Requirement: Return all of the following entries as written, but without the images.

[Collected data entries]
-- Opening Marker --
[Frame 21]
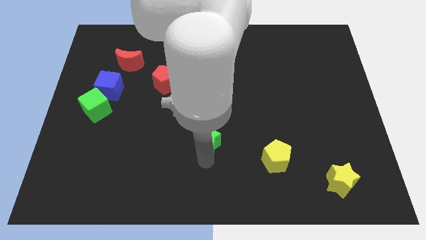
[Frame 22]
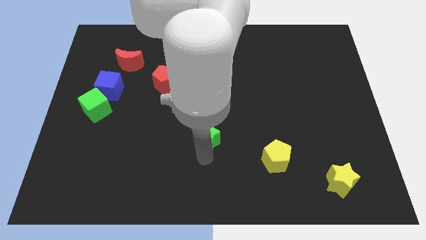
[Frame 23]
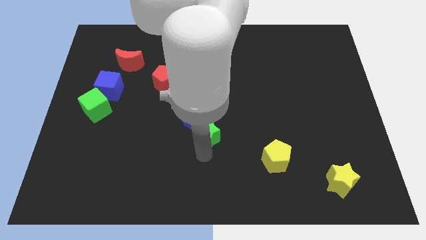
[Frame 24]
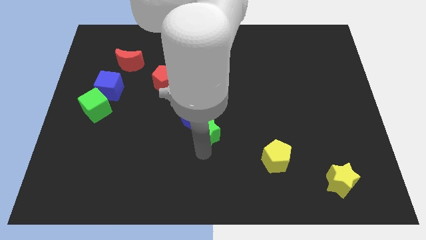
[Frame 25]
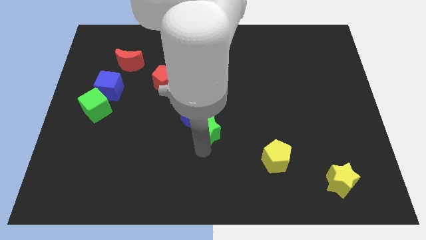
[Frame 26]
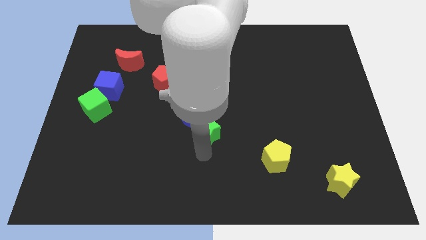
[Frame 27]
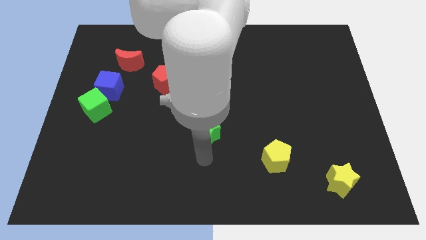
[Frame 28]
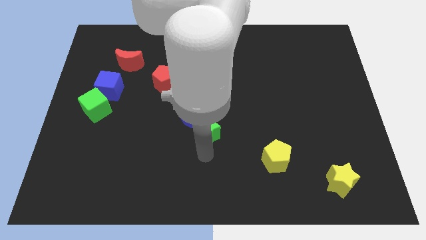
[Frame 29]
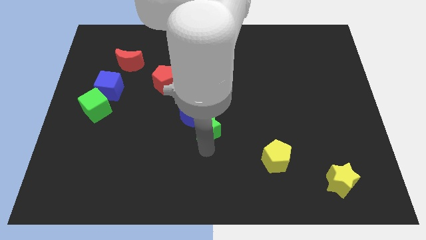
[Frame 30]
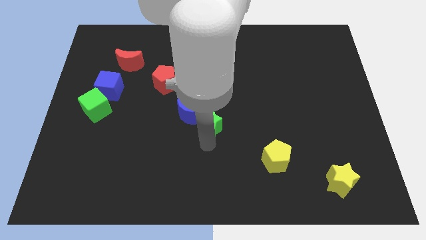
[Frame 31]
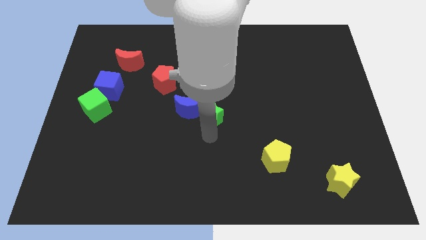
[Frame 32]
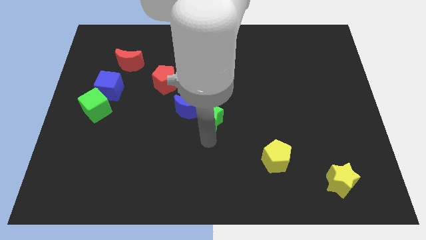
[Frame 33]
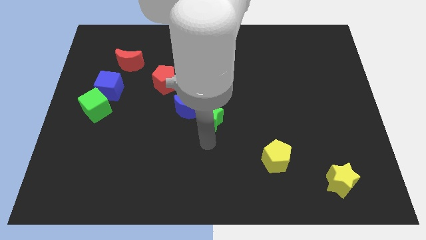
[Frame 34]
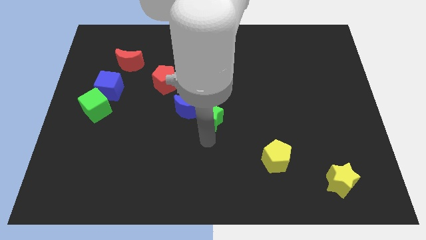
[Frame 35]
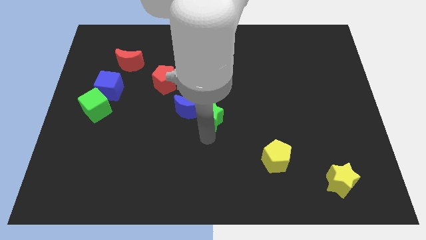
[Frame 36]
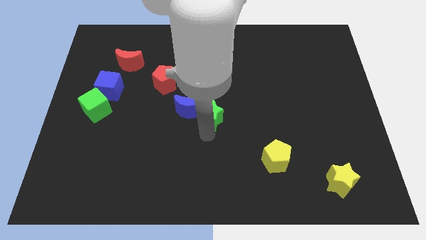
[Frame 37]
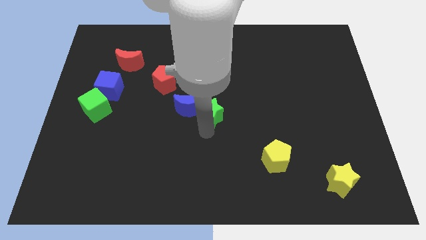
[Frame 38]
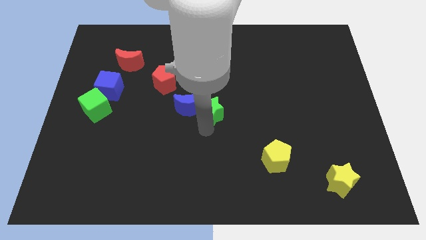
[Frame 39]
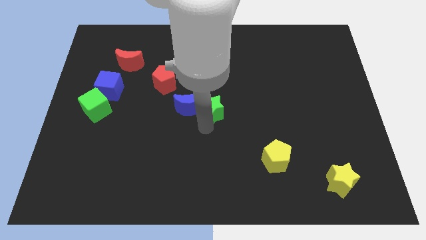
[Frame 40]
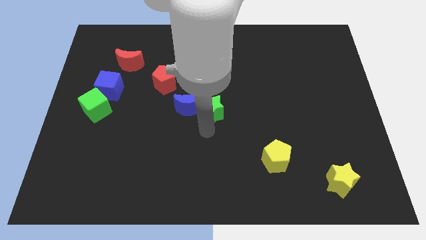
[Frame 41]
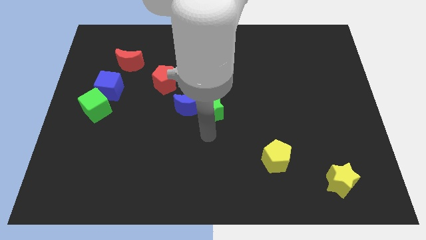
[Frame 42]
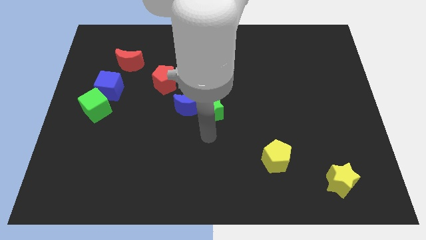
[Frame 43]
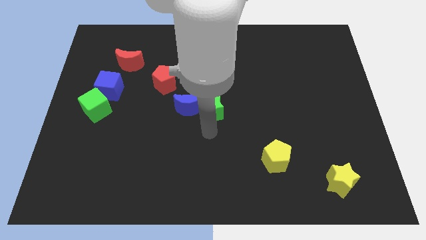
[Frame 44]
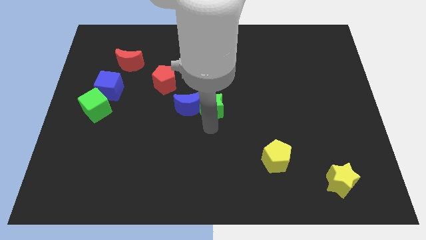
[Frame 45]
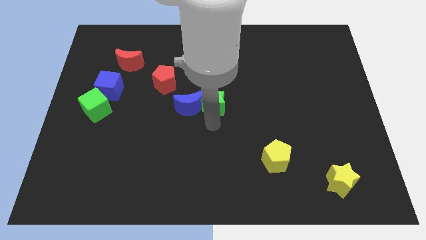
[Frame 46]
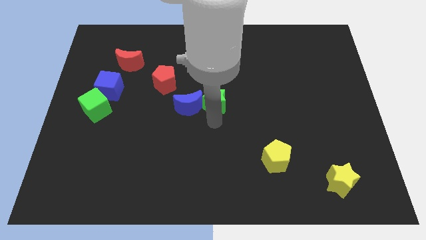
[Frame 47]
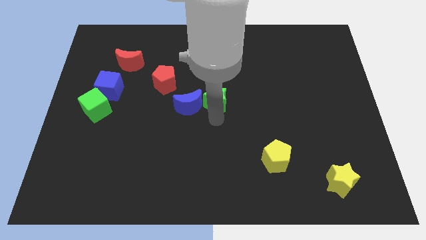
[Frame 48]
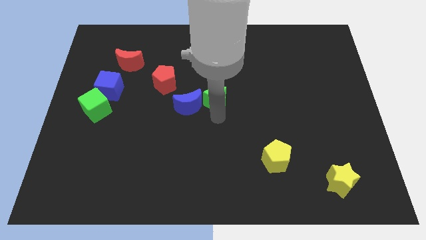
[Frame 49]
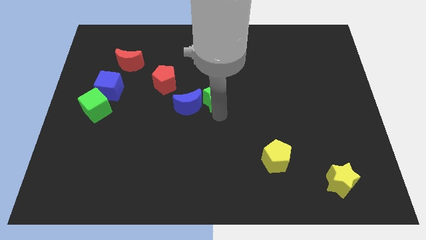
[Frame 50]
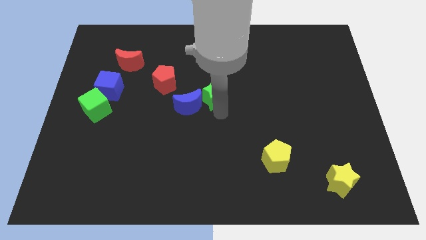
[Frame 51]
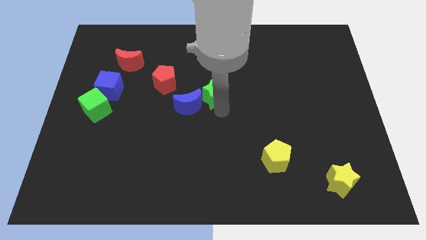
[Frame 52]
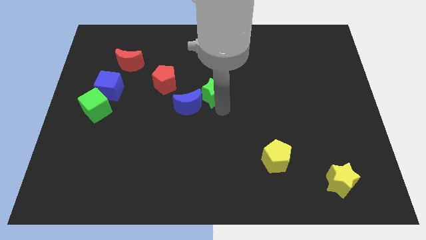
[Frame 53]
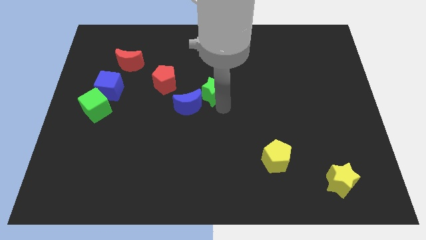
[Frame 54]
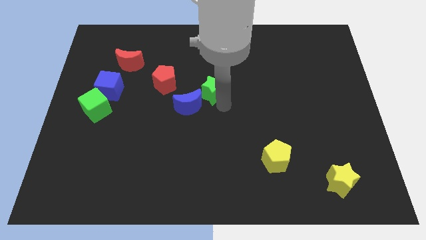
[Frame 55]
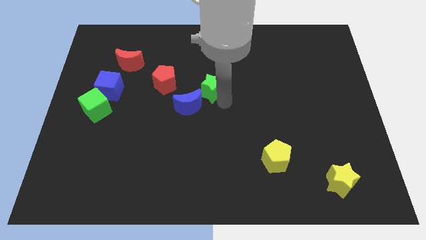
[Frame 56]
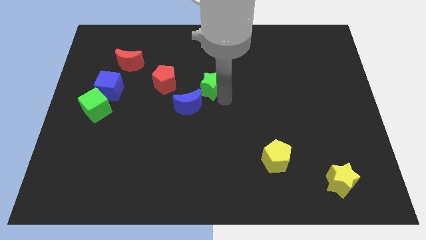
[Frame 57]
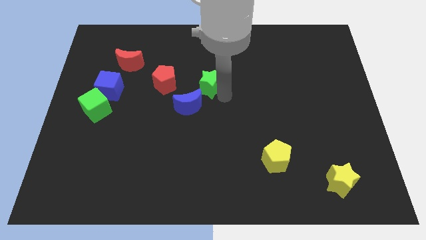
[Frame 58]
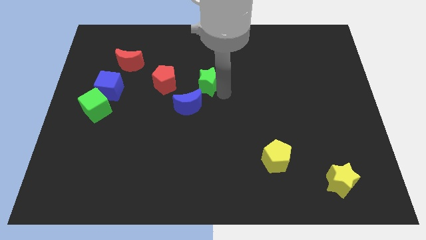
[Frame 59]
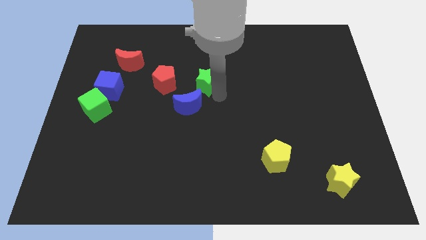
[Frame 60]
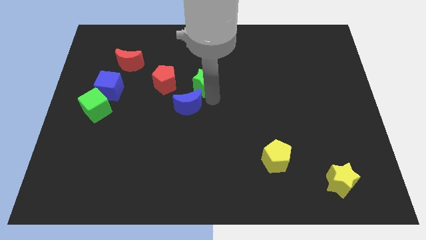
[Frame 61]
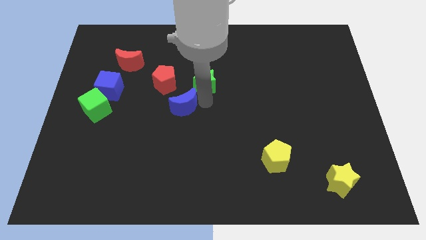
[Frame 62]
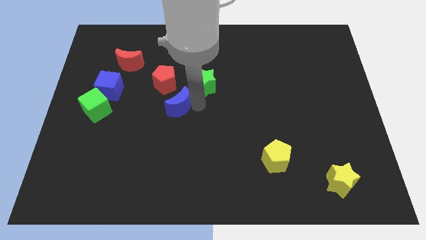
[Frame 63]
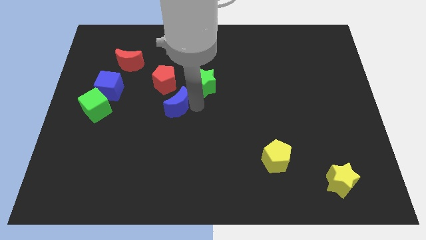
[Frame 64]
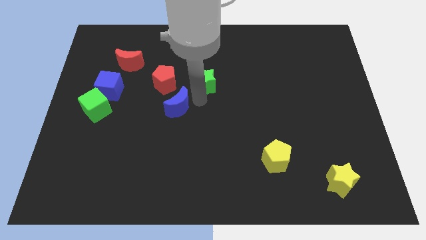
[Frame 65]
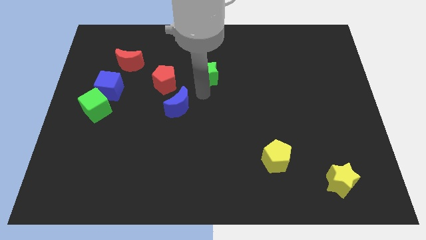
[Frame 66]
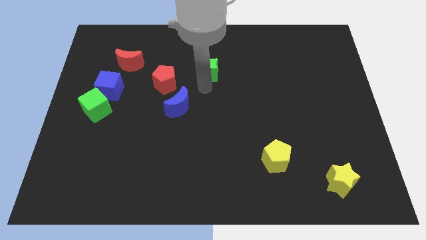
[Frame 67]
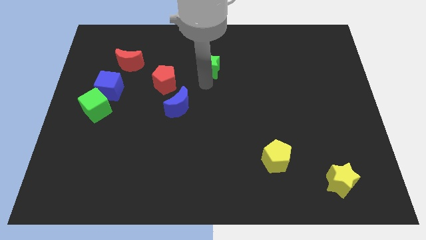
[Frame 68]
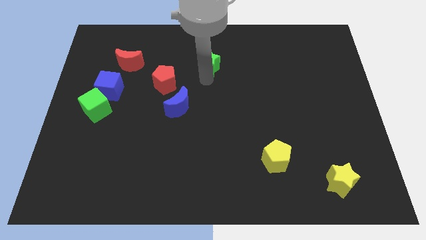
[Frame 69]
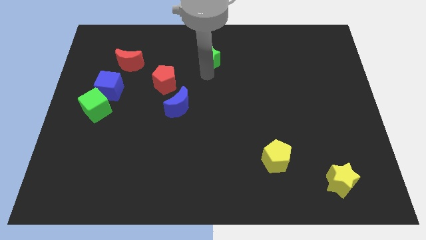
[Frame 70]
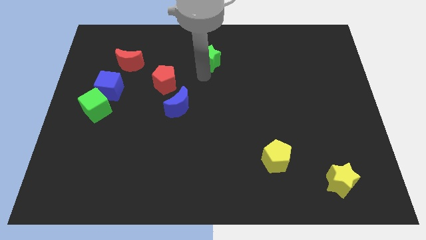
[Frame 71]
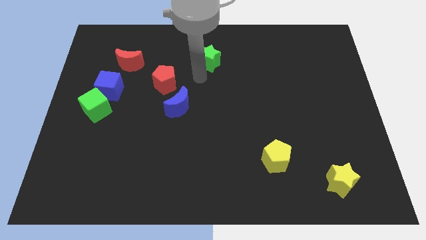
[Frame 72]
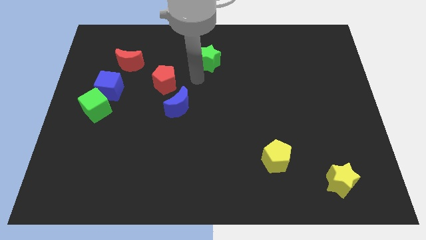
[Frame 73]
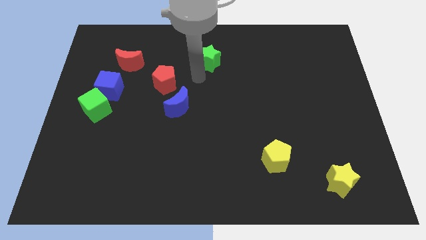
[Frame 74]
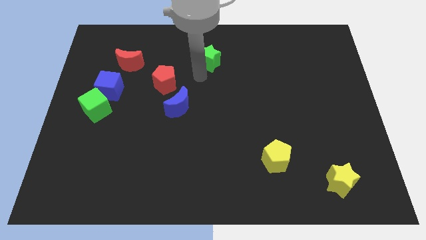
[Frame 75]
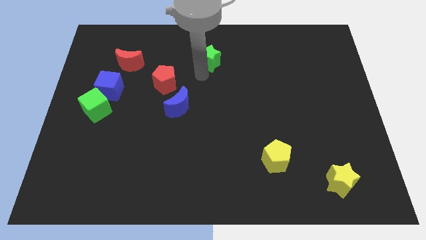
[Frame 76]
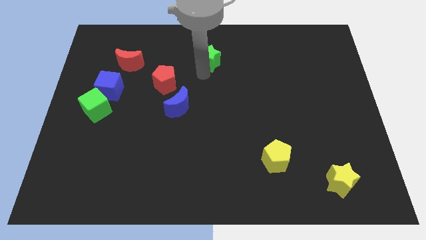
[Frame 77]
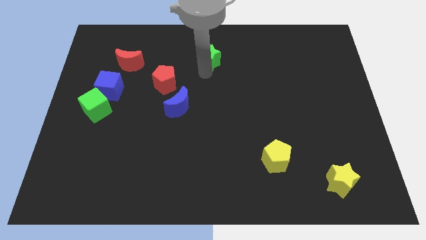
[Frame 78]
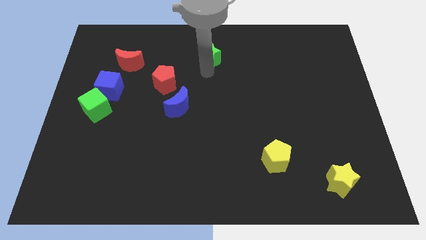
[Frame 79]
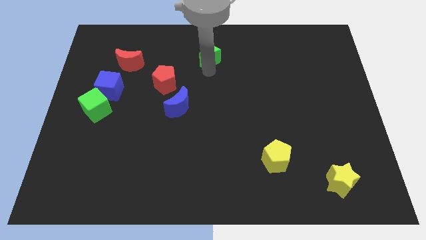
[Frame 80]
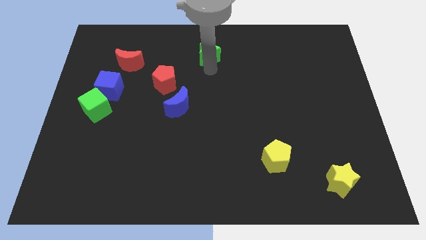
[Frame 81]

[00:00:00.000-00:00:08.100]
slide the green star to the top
-- Closing Marker --
Written solution:
[Frame 21]
[Frame 22]
[Frame 23]
[Frame 24]
[Frame 25]
[Frame 26]
[Frame 27]
[Frame 28]
[Frame 29]
[Frame 30]
[Frame 31]
[Frame 32]
[Frame 33]
[Frame 34]
[Frame 35]
[Frame 36]
[Frame 37]
[Frame 38]
[Frame 39]
[Frame 40]
[Frame 41]
[Frame 42]
[Frame 43]
[Frame 44]
[Frame 45]
[Frame 46]
[Frame 47]
[Frame 48]
[Frame 49]
[Frame 50]
[Frame 51]
[Frame 52]
[Frame 53]
[Frame 54]
[Frame 55]
[Frame 56]
[Frame 57]
[Frame 58]
[Frame 59]
[Frame 60]
[Frame 61]
[Frame 62]
[Frame 63]
[Frame 64]
[Frame 65]
[Frame 66]
[Frame 67]
[Frame 68]
[Frame 69]
[Frame 70]
[Frame 71]
[Frame 72]
[Frame 73]
[Frame 74]
[Frame 75]
[Frame 76]
[Frame 77]
[Frame 78]
[Frame 79]
[Frame 80]
[Frame 81]

[00:00:00.000-00:00:08.100]
slide the green star to the top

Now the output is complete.